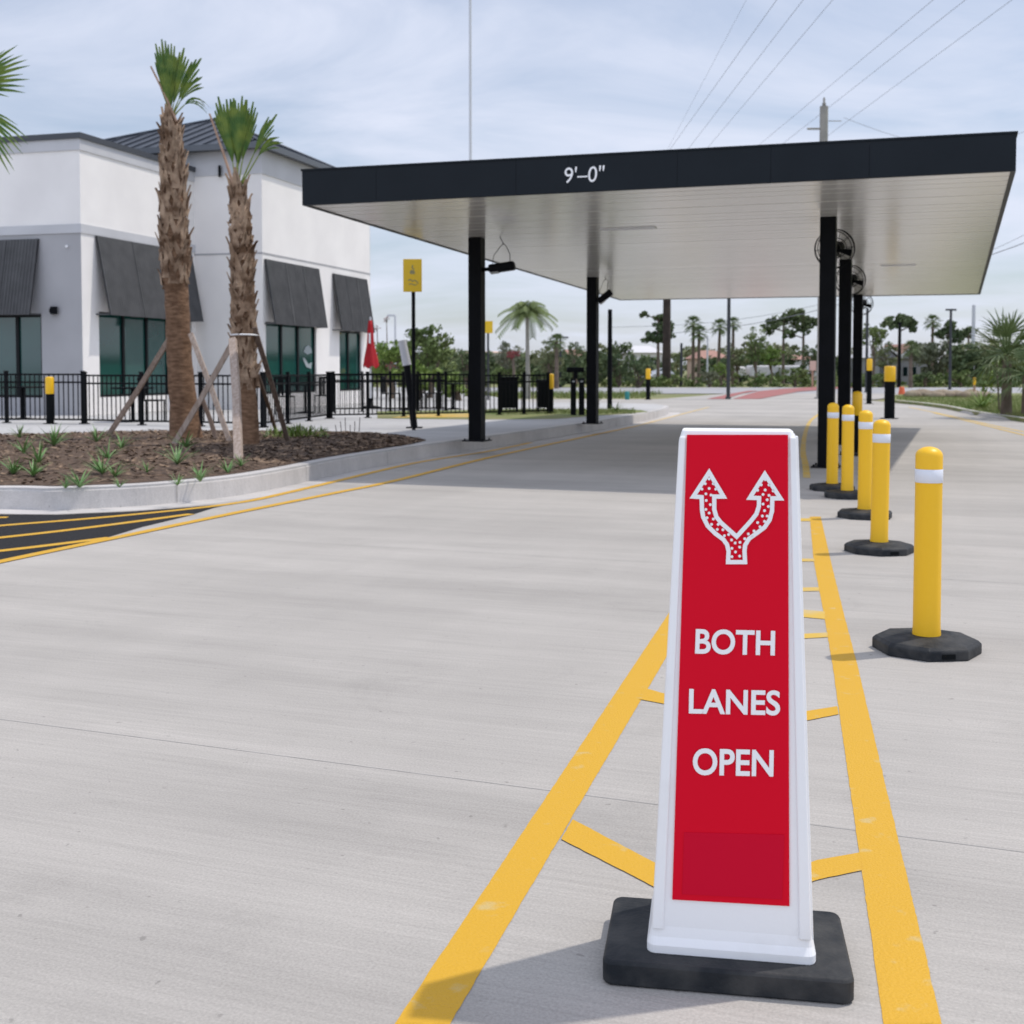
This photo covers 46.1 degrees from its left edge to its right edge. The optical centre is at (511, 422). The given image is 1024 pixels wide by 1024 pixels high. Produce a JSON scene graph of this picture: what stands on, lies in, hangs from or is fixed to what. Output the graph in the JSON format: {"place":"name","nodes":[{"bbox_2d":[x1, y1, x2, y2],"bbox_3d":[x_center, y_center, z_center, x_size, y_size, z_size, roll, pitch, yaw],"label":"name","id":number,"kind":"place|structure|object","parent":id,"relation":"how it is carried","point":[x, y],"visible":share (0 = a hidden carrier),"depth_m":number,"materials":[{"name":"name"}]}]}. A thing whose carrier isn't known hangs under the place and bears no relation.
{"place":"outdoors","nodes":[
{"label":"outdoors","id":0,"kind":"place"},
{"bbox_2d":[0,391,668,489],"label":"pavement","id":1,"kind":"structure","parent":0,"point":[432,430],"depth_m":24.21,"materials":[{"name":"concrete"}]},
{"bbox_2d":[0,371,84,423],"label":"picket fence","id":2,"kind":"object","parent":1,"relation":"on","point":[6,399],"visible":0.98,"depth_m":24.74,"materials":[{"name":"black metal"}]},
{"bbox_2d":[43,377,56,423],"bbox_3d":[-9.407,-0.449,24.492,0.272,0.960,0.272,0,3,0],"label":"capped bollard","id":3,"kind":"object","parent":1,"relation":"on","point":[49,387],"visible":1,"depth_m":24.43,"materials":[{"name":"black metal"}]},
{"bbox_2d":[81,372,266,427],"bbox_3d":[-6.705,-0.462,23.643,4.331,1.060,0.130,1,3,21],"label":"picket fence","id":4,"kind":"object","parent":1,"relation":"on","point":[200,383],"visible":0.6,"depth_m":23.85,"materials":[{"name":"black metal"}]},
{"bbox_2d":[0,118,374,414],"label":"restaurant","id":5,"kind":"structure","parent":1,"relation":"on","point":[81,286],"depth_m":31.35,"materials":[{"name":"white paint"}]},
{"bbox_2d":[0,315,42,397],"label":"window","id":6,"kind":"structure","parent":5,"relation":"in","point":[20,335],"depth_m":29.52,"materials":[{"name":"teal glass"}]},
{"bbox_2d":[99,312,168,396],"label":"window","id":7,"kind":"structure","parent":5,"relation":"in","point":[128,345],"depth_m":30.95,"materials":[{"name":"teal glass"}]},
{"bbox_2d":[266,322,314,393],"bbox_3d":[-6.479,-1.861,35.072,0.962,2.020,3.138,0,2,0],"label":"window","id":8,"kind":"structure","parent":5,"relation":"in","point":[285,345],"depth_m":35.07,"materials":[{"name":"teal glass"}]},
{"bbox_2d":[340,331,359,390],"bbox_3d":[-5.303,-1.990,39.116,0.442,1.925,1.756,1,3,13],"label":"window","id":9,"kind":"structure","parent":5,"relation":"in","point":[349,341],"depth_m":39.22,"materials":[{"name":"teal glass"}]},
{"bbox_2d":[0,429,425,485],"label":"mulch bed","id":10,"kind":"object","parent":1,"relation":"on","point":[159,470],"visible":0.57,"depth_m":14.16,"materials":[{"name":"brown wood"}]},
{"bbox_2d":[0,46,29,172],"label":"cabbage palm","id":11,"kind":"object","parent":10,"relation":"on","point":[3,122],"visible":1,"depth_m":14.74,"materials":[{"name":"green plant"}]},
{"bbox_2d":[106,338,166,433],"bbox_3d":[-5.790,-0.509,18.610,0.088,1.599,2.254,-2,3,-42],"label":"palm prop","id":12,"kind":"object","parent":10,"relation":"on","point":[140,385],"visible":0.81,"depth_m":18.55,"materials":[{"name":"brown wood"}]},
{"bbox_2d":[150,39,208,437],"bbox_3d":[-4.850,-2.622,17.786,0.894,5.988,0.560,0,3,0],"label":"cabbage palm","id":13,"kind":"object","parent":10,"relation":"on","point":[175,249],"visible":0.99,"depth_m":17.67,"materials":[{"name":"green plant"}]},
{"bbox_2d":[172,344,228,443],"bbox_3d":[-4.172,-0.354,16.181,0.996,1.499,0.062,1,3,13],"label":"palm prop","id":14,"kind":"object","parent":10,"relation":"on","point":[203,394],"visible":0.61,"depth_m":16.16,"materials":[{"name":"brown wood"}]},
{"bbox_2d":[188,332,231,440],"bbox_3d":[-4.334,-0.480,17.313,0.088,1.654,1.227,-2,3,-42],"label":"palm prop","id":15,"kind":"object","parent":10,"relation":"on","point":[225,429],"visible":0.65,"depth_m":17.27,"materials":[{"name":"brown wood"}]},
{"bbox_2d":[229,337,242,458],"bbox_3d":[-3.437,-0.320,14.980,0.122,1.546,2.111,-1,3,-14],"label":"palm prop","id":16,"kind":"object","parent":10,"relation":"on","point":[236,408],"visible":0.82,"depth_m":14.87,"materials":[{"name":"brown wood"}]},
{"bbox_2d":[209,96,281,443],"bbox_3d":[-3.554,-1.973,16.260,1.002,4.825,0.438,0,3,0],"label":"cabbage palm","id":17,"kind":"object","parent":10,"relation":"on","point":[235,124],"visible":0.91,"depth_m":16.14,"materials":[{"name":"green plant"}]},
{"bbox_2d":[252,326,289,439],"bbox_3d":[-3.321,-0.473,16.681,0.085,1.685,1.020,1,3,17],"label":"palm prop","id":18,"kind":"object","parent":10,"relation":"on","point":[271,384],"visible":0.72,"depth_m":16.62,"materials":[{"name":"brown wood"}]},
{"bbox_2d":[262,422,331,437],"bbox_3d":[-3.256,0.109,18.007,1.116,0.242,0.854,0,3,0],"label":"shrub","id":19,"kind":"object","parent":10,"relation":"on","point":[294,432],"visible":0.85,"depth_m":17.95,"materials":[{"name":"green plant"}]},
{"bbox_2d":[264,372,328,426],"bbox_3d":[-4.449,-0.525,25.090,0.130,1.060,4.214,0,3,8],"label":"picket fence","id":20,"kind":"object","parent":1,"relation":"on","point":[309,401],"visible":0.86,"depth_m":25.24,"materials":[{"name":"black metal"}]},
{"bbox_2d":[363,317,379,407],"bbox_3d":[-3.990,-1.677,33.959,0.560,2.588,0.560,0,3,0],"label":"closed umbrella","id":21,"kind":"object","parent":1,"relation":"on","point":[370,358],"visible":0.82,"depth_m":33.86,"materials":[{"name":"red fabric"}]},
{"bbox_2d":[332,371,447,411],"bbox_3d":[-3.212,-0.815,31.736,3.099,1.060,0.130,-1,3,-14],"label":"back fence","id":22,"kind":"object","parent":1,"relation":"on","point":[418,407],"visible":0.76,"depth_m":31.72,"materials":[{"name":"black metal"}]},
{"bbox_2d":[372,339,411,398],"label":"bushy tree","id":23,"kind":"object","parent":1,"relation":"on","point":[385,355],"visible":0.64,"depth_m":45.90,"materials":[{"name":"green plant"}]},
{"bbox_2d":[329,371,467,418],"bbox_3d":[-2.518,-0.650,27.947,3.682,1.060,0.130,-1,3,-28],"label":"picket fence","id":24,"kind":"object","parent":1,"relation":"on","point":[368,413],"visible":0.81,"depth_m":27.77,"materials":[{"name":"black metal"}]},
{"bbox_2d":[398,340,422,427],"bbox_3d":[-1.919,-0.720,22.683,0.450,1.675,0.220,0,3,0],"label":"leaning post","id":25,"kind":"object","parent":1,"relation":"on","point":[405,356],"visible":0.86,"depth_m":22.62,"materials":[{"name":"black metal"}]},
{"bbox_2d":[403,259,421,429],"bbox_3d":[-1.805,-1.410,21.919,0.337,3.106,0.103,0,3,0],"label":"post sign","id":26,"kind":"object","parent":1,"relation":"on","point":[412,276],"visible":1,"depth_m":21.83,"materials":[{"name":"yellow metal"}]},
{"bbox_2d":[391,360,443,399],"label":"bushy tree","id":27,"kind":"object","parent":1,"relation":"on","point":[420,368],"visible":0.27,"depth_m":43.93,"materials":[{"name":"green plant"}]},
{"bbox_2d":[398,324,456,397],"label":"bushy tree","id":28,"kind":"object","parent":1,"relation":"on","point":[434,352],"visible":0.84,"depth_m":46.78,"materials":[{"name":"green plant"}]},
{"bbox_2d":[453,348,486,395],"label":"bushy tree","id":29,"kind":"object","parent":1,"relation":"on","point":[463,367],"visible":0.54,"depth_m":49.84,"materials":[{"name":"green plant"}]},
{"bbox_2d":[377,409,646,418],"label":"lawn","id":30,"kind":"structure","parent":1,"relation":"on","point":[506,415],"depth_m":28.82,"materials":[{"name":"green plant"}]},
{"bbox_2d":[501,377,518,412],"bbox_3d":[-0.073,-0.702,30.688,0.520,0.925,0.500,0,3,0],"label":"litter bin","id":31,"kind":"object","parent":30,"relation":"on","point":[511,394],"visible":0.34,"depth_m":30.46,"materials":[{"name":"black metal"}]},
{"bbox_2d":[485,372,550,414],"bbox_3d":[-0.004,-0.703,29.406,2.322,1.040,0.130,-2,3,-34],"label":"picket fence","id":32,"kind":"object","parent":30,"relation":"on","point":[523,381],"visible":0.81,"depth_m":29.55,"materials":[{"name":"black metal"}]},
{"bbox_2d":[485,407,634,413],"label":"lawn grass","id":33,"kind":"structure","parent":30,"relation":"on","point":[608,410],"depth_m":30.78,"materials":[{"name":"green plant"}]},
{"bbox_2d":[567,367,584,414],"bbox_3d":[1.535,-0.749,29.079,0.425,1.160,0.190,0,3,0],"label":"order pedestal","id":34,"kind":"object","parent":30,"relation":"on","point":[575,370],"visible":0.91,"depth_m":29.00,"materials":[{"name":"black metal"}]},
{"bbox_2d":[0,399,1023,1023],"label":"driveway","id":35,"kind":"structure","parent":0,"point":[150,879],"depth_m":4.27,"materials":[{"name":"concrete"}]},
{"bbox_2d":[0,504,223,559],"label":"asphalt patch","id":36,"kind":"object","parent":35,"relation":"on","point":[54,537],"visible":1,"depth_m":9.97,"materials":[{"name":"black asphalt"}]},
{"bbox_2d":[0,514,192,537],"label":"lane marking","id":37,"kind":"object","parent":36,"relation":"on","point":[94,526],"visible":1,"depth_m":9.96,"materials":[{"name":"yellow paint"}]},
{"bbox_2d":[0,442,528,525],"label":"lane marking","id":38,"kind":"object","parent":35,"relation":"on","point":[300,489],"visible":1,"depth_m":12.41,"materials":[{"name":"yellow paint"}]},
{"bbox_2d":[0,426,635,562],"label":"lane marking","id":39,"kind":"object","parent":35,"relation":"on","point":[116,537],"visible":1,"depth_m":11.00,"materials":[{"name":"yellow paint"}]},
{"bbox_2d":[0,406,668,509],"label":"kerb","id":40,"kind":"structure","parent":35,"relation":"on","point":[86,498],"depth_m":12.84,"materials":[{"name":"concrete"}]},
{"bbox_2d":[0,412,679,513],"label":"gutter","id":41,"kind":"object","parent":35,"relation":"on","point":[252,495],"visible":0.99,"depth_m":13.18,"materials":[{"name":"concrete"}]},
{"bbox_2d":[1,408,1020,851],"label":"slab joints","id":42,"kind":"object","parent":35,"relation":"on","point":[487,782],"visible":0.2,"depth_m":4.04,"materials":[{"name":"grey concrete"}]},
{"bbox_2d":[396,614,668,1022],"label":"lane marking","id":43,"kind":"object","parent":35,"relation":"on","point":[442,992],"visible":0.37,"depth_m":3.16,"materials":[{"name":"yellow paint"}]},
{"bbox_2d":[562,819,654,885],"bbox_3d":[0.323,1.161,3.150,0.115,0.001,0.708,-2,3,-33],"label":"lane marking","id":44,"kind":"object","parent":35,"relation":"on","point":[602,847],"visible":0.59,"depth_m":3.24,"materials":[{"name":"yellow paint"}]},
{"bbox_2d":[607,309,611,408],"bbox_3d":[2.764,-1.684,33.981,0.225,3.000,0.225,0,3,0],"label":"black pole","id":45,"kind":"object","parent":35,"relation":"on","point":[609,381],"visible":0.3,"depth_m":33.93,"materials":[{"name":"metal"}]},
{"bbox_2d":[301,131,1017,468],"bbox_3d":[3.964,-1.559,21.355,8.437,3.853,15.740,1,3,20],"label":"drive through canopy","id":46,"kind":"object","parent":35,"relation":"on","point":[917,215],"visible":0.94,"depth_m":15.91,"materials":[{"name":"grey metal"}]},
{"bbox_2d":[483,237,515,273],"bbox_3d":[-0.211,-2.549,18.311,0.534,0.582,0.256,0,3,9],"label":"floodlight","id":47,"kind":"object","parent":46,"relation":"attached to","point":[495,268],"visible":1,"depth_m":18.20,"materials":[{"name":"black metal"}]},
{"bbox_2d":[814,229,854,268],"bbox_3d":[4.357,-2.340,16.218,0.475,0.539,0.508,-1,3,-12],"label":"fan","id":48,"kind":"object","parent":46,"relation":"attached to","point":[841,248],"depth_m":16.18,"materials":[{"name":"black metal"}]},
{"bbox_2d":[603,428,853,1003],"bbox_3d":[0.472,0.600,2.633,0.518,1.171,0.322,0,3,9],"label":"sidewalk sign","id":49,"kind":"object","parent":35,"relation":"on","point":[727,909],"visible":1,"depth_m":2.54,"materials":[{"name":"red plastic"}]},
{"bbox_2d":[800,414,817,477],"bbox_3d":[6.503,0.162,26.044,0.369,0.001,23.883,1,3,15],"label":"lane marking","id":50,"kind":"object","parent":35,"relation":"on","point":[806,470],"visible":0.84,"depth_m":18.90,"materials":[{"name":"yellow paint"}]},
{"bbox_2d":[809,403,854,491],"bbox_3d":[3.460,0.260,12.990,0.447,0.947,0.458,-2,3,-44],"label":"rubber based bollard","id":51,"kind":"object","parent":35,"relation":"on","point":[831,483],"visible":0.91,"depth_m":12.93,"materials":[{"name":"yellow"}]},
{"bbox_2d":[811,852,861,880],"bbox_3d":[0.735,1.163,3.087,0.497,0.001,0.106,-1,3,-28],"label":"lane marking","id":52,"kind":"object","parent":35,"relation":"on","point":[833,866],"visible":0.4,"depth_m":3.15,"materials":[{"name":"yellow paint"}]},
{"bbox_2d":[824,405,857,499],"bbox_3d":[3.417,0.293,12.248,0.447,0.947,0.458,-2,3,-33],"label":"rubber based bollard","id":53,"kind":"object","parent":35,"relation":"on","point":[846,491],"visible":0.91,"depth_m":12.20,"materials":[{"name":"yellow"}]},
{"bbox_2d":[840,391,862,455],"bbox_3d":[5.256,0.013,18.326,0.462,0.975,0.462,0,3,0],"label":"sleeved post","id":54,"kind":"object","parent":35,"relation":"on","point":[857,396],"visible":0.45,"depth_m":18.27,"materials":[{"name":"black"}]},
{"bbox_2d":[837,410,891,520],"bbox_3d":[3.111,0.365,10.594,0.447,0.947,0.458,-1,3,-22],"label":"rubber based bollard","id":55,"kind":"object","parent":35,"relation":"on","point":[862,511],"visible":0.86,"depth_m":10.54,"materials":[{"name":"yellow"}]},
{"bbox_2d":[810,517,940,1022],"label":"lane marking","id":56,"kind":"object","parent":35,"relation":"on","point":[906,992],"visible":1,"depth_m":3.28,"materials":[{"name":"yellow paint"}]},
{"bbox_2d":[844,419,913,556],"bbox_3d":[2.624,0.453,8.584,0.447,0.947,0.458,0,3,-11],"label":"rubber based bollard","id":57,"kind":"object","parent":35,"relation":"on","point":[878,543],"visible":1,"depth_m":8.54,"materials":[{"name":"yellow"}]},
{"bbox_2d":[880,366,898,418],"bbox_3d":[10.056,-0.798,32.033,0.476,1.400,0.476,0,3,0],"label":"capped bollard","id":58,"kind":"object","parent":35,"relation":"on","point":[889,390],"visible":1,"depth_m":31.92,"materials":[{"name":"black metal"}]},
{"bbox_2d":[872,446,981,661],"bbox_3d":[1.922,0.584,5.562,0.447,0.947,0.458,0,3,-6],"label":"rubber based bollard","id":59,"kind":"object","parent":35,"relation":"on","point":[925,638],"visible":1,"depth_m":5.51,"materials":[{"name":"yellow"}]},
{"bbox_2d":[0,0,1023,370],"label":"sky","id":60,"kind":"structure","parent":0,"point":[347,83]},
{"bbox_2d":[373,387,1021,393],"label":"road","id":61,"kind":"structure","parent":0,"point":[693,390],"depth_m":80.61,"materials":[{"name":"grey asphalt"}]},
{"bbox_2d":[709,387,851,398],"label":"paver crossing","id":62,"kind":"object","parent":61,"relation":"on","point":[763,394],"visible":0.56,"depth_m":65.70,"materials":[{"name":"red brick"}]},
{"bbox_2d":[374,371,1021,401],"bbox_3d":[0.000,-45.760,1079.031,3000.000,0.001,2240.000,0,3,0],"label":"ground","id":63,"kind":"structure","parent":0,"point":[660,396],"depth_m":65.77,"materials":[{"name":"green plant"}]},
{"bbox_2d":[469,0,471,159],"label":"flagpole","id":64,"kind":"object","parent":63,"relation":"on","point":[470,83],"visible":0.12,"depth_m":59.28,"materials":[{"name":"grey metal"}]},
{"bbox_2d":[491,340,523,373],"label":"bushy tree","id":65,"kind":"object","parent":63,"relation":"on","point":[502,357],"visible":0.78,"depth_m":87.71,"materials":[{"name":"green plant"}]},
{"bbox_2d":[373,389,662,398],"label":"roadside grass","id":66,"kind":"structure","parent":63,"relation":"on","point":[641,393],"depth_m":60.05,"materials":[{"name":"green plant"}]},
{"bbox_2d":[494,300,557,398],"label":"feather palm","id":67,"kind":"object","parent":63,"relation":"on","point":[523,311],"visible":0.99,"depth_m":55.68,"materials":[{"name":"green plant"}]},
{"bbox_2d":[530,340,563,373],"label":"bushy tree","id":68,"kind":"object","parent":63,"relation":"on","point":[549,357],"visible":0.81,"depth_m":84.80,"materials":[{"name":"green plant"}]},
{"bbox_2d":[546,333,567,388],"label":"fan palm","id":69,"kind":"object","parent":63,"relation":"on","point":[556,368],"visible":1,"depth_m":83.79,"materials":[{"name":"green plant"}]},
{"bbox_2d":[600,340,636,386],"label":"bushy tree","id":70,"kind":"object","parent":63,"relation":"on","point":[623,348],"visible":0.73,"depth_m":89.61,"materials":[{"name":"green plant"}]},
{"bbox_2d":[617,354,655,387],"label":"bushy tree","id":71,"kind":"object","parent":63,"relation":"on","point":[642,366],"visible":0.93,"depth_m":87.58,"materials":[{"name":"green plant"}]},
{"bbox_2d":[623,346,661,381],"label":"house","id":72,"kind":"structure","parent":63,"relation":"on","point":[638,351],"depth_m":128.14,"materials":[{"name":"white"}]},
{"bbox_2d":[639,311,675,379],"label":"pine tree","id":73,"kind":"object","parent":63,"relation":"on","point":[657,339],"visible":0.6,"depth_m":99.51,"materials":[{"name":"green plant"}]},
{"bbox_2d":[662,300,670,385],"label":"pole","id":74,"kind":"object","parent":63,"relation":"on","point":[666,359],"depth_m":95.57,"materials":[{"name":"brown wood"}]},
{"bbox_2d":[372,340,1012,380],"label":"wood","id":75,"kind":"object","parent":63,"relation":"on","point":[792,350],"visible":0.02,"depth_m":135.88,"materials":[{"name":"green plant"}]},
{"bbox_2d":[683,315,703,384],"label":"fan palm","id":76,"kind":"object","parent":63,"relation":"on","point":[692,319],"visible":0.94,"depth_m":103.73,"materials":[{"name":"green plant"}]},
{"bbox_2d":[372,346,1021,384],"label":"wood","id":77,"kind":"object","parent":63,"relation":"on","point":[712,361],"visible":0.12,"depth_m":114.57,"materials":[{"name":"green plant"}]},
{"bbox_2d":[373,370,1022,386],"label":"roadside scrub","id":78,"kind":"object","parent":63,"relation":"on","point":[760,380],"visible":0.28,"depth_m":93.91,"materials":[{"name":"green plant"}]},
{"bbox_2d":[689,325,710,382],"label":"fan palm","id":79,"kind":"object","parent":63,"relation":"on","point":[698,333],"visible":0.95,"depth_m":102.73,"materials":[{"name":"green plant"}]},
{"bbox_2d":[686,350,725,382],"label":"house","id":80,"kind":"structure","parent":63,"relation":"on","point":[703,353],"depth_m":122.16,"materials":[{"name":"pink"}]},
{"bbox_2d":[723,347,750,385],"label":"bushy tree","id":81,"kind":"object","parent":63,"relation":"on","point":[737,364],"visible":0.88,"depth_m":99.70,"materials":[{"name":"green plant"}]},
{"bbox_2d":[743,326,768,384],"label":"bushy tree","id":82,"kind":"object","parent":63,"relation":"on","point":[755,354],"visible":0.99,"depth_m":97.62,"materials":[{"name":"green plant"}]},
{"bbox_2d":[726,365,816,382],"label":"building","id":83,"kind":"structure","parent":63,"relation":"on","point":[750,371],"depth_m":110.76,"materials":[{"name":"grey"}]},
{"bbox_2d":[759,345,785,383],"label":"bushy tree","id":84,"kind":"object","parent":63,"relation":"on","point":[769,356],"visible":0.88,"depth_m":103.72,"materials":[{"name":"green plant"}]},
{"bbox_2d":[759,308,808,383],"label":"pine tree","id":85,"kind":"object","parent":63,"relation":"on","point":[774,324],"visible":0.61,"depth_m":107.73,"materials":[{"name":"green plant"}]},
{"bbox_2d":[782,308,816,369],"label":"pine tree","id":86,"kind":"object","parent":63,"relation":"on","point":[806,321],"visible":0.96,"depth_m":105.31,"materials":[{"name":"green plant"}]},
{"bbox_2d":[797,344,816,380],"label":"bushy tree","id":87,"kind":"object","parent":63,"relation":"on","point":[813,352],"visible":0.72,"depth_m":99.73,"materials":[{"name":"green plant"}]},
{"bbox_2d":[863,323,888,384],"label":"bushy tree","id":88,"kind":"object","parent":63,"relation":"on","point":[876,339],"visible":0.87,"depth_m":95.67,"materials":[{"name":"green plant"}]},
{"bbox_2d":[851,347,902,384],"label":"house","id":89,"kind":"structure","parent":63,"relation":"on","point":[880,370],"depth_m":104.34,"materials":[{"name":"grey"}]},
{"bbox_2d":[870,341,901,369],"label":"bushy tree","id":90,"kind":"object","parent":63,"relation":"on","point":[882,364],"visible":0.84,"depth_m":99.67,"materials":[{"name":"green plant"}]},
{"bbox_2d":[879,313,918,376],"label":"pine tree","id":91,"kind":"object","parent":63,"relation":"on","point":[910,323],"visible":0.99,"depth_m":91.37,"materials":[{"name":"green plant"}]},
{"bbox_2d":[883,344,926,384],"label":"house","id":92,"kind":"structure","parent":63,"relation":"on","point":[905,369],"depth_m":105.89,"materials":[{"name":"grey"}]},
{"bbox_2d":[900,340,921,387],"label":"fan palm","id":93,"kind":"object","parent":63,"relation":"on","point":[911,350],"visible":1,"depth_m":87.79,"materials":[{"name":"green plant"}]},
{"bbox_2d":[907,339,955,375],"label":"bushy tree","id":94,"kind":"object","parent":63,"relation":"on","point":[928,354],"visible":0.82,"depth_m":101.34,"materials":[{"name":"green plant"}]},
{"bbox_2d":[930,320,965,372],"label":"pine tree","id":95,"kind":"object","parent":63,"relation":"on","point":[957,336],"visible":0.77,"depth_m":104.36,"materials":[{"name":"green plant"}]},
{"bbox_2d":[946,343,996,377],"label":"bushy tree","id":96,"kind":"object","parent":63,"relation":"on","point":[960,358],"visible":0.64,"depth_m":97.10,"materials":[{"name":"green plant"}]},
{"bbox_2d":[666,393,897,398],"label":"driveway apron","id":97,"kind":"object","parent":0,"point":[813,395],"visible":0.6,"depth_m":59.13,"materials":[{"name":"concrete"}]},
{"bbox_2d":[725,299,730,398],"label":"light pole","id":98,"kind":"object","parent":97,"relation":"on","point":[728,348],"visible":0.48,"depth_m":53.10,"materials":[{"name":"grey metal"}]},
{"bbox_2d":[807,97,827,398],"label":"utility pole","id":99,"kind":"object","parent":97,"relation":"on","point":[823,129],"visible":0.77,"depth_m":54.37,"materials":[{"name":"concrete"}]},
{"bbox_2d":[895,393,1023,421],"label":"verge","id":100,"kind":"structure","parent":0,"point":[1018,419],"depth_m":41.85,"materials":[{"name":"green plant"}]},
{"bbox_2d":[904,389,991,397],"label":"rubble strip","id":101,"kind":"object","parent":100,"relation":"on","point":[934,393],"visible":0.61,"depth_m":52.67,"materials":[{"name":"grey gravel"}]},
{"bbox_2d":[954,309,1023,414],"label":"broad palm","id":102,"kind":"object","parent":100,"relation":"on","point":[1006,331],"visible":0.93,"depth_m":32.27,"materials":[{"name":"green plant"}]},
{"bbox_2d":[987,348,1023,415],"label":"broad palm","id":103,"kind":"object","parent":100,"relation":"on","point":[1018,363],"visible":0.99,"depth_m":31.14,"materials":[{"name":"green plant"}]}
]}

* _Task goal_:
Your answer should consist of the lines from the material that contain "white".

* _Solution for this exercise_:
{"bbox_2d":[0,118,374,414],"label":"restaurant","id":5,"kind":"structure","parent":1,"relation":"on","point":[81,286],"depth_m":31.35,"materials":[{"name":"white paint"}]},
{"bbox_2d":[623,346,661,381],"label":"house","id":72,"kind":"structure","parent":63,"relation":"on","point":[638,351],"depth_m":128.14,"materials":[{"name":"white"}]},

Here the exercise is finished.